$\displaystyle \int \frac{1}{x^7-x}\;dx$
Thanks
There are various things tou can do. Partial fractions. Maybe just a small factoring and a sub.
$\displaystyle \int\frac{1}{x(x^{6}-1)}dx$
Let $\displaystyle u=x^{6}-1, \;\ du=6x^{5}dx, \;\ \frac{du}{6}=x^{5}dx, \;\ u+1=x^{6}$
This leads to $\displaystyle \frac{1}{6}\int\frac{1}{u^{2}+u}du$
$\displaystyle \frac{1}{6}\left[\int\frac{1}{u}du-\int\frac{1}{u+1}du\right]$
Now, continue?.
If you feel industrious, you could do the PFD thing.

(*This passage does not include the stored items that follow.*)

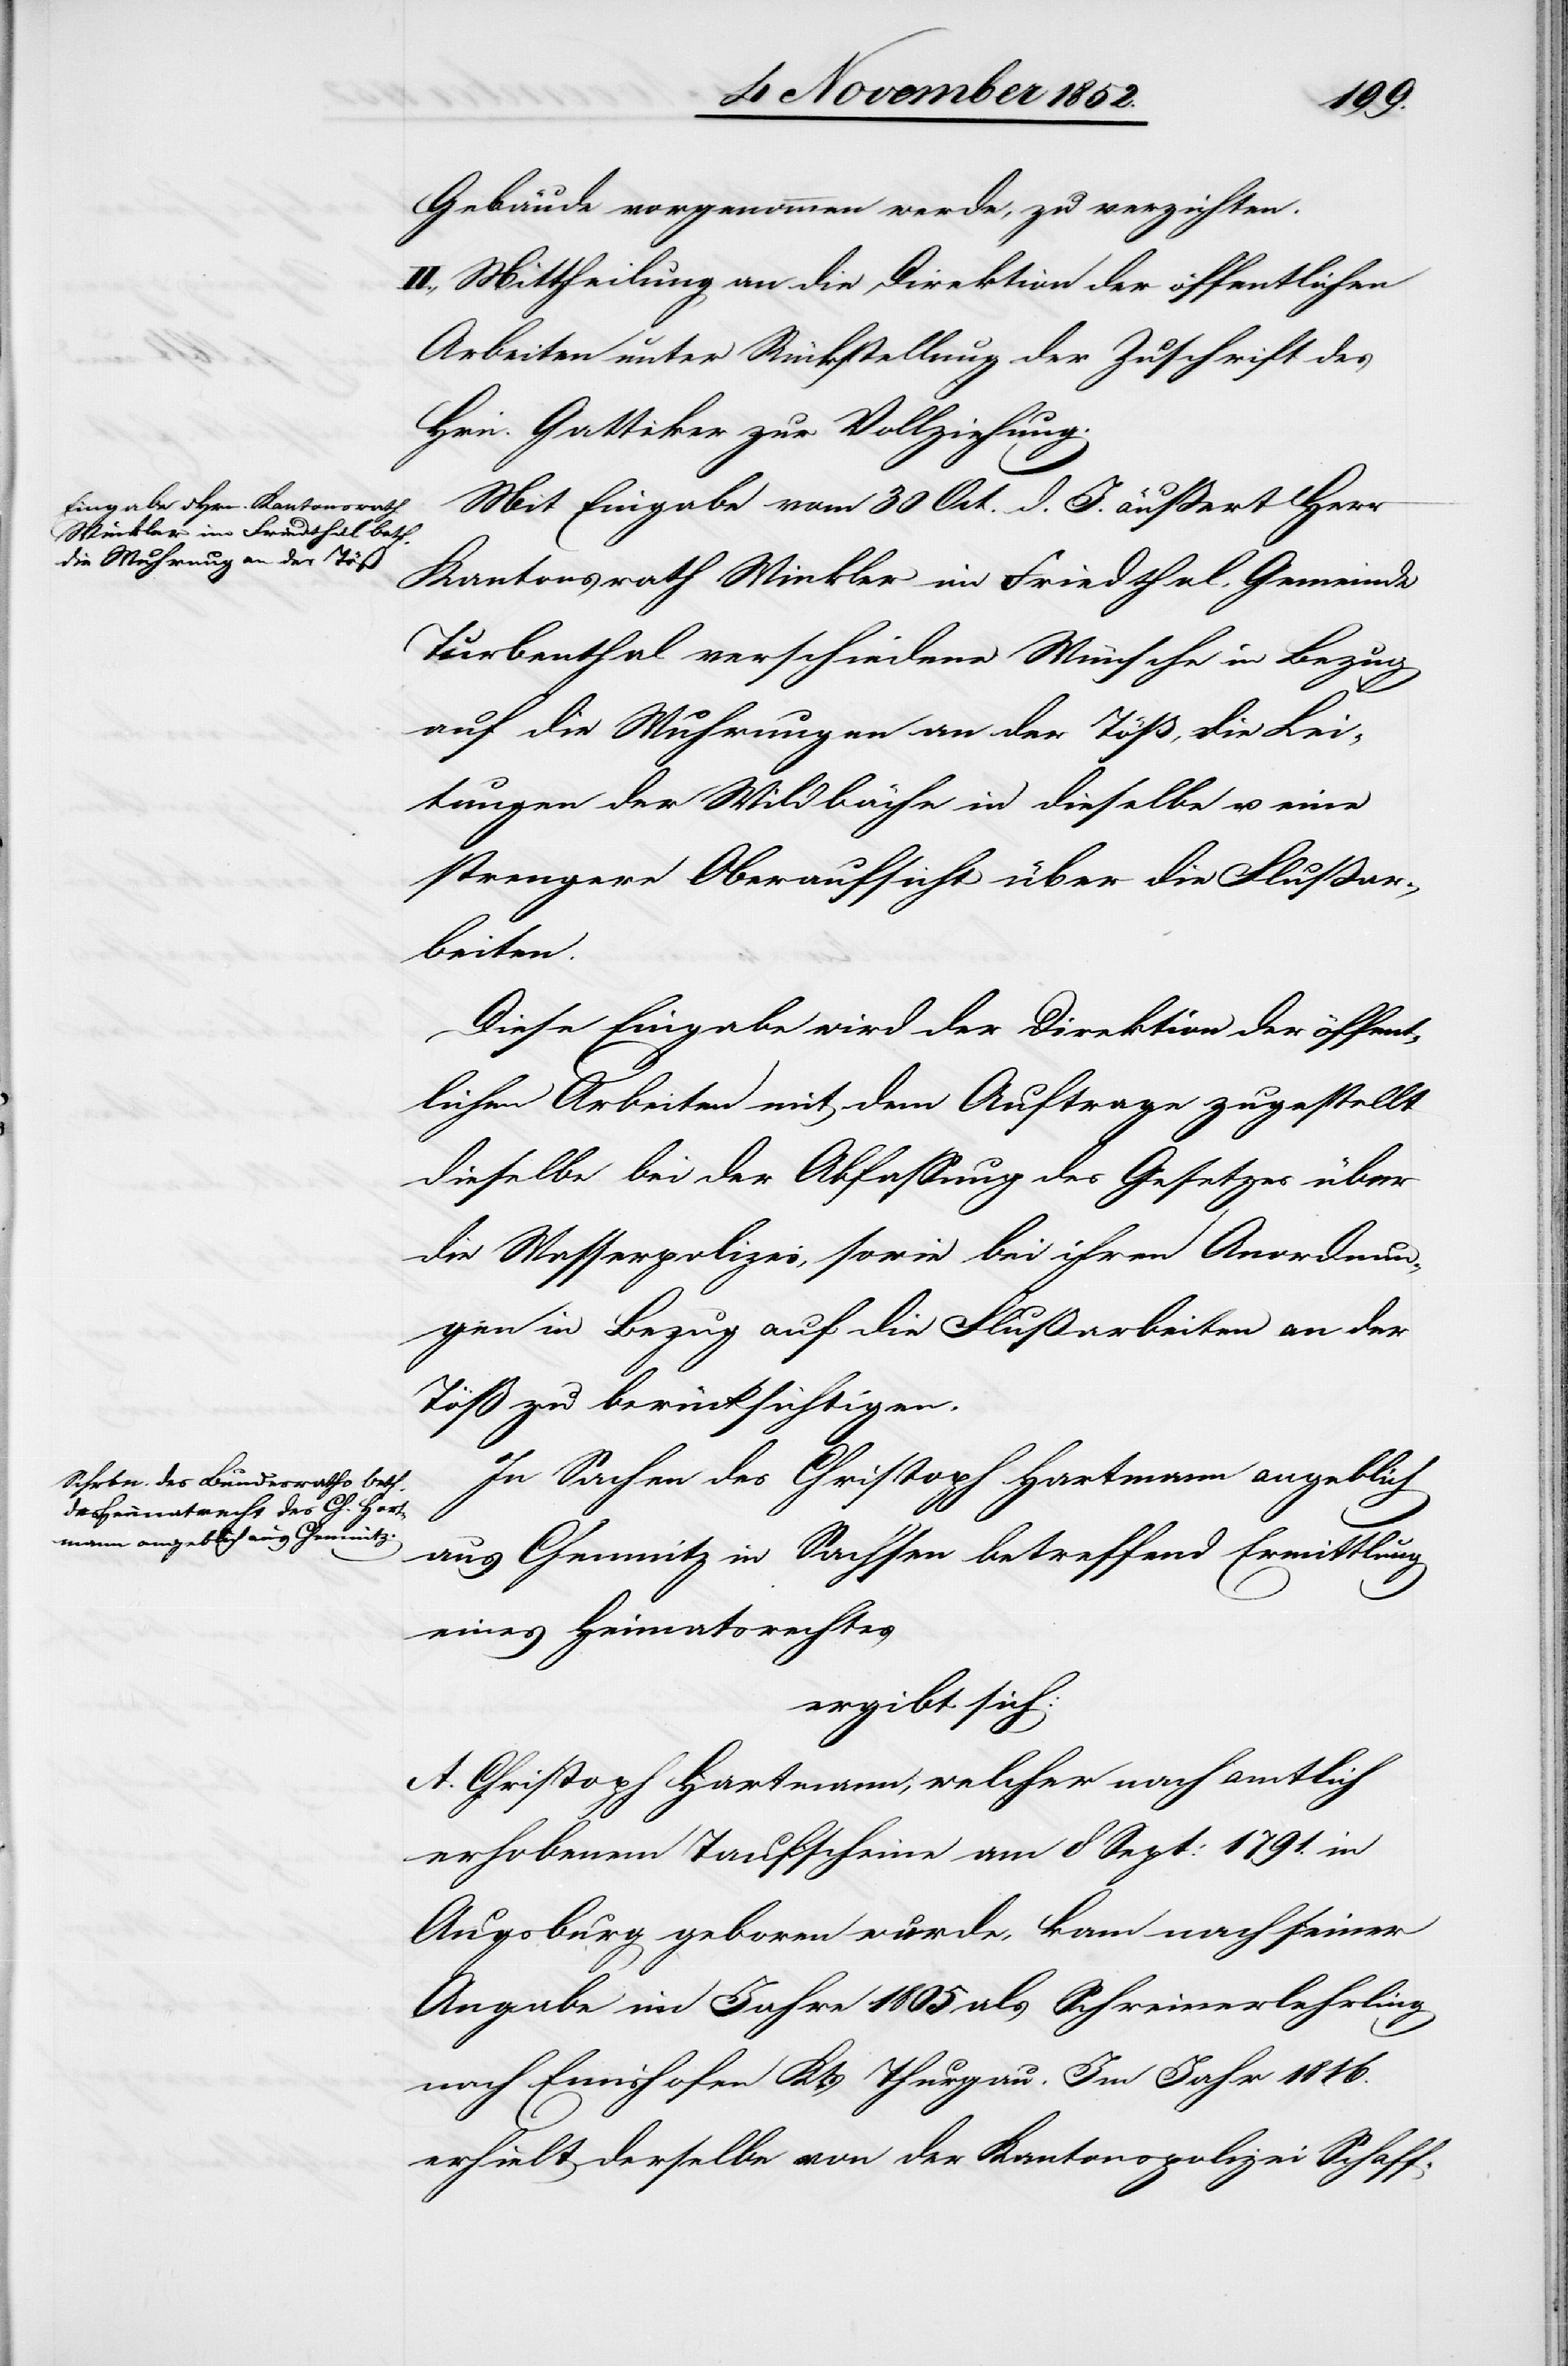
Gebäude vorgenommen werde, zu verzichten.
II., Mittheilung an die Direktion der öffentlichen
Arbeiten unter Rückstellung der Zuschrift des
Hrn. Gattiker zur Vollziehung.
Mit Eingabe vom 30 Oct. d. J. äußert Herr
Kantonsrath Winkler im Friedthal, Gemeinde
Turbenthal verschiedene Wünsche in Bezug
auf die Wuhrungen an der Töß, die Lei¬
tungen der Wildbäche in dieselbe u. eine
strengere Oberaufsicht über die Flußar¬
beiten.
Diese Eingabe wird der Direktion der öffent¬
lichen Arbeiten mit dem Auftrage zugestellt
dieselbe bei der Abfassung des Gesetzes über
die Wasserpolizei, sowie bei ihren Anordnun¬
gen in Bezug auf die Flußarbeiten an der
Töß zu berücksichtigen.
In Sachen des Christoph Hartmann angeblich
aus Chemnitz in Sachsen betreffend Ermittlung
eines Heimatsrechtes
ergibt sich:
A. Christoph Hartmann, welcher nach amtlich
erhobenem Taufscheine am 8 Sept: 1791. in
Augsburg geboren wurde, kam nach seiner
Angabe im Jahre 1805 als Schreinerlehrling
nach Emishofen Kts. Thurgau. Im Jahr 1816.
erhielt derselbe von der Kantonspolizei Schaff-

$\displaystyle x^{7}-x = x(x+1)(x-1)(x^{2}+x+1)(x^{2}-x+1)$
How exactly does this: Let $\displaystyle u=x^{6}-1, \;\ du=6x^{5}dx, \;\ \frac{du}{6}=x^{5}dx, \;\ u+1=x^{6}$ lead to this:
$\displaystyle \frac{1}{6}\int\frac{1}{u^{2}+u}du$
thats the part i didn't understand, thats why i couldn't use subst. myself.
The aftermath is easy....
After i posted this, i actually solved it, but i did this before applying PF....the above would take to long...

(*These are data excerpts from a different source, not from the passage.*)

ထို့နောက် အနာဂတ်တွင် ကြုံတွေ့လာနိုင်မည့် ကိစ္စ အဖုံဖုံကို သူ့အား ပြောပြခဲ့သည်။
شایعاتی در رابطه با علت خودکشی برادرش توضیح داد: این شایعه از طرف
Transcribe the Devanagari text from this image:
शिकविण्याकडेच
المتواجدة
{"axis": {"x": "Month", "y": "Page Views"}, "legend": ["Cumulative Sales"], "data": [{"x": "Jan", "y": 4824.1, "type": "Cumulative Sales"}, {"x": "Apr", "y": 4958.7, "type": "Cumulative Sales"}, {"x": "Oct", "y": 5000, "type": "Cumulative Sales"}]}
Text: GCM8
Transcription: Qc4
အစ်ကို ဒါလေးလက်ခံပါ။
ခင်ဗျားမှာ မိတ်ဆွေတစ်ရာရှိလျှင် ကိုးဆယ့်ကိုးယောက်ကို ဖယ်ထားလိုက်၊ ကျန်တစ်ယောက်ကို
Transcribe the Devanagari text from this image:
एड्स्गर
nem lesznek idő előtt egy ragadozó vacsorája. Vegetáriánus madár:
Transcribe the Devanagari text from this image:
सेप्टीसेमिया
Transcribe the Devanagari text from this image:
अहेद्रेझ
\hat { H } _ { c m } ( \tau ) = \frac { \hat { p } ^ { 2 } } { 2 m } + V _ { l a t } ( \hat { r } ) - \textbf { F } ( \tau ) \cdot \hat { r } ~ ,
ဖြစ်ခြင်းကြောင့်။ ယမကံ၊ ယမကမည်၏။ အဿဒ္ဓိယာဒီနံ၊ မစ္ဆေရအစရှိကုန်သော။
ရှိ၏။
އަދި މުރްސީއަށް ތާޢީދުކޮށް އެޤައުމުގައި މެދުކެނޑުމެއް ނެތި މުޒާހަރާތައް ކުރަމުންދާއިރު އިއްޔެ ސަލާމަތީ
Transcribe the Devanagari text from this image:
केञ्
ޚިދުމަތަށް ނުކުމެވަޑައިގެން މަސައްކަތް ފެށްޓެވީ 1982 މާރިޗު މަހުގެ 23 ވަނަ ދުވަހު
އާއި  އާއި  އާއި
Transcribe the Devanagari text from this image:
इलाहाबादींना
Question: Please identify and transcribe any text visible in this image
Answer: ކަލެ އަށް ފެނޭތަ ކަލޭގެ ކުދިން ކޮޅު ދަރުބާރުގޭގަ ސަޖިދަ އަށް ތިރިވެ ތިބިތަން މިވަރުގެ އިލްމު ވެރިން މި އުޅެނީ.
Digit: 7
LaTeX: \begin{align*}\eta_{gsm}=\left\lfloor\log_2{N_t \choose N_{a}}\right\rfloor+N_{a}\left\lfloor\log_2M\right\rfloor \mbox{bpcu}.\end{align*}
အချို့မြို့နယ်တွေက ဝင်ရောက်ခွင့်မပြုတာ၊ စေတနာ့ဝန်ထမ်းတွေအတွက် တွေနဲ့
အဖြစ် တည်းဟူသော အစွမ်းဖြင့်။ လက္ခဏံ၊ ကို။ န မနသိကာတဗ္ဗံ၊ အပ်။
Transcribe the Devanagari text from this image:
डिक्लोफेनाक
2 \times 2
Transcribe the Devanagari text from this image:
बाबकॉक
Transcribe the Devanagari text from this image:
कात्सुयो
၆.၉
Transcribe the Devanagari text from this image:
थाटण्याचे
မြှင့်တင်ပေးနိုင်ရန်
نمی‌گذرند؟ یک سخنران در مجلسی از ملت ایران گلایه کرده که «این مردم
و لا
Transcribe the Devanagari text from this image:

$\displaystyle \int \frac{1}{x(x^3-1)(x^3+1)}=\frac{1}{2}\int \frac{(x^3+1)-(x^3-1)}{x(x^3-1)(x^3+1)}=\frac{1}{2}\int\frac{1}{x(x^3-1)}-\frac{1}{x(x^3+1)}$
Let's see
We want: $\displaystyle \int{\frac{dx}{x\cdot{(x^6-1)}}}$
Multiply and divide by $\displaystyle 6\cdot{x^5}$ we get: $\displaystyle \int{\frac{6\cdot{x^5}}{6\cdot{x^6}\cdot{(x^6-1)}}}dx$
We now let:$\displaystyle u=x^6-1\rightarrow{\frac{du}{dx}=6\cdot{x^5}}$
Thus we have: $\displaystyle \int{\frac{du}{6\cdot{u}\cdot{(u+1)}}}=\frac{1}{6} \cdot{\int{\frac{du}{u\cdot{(u+1)}}}}$
You can also avoid substitutions
$\displaystyle \int {\frac{1}
{{x^7 - x}}\,dx} = \int {\frac{1}
{{x\left( {x^6 - 1} \right)}}\,dx} = \int {\frac{{x^6 - \left( {x^6 - 1} \right)}}
{{x\left( {x^6 - 1} \right)}}\,dx}$.
So $\displaystyle \int {\frac{1}
{{x^7 - x}}\,dx} = \frac{1}
{6}\int {\frac{{\left( {x^6 - 1} \right)'}}
{{\left( {x^6 - 1} \right)}}\,dx} - \int {\frac{1}
{x}\,dx}$.
The rest follows.
Here's what I was getting at:
Because, $\displaystyle \frac{x^{5}}{x^{6}}=\frac{1}{x}$
Now, because $\displaystyle u=x^{6}-1, \;\ u+1=x^{6}, \;\ du=6x^{5}dx, \;\ \frac{du}{6}=x^{5}dx$
Rewrite as : $\displaystyle \frac{1}{6}\int\frac{x^{5}}{x^{6}(x^{6}-1)}dx$
Make the subs and we get:
$\displaystyle \frac{1}{6}\int\frac{1}{(u+1)u}du=\frac{1}{6}\int\ frac{1}{u^{2}+u}du$
See now?.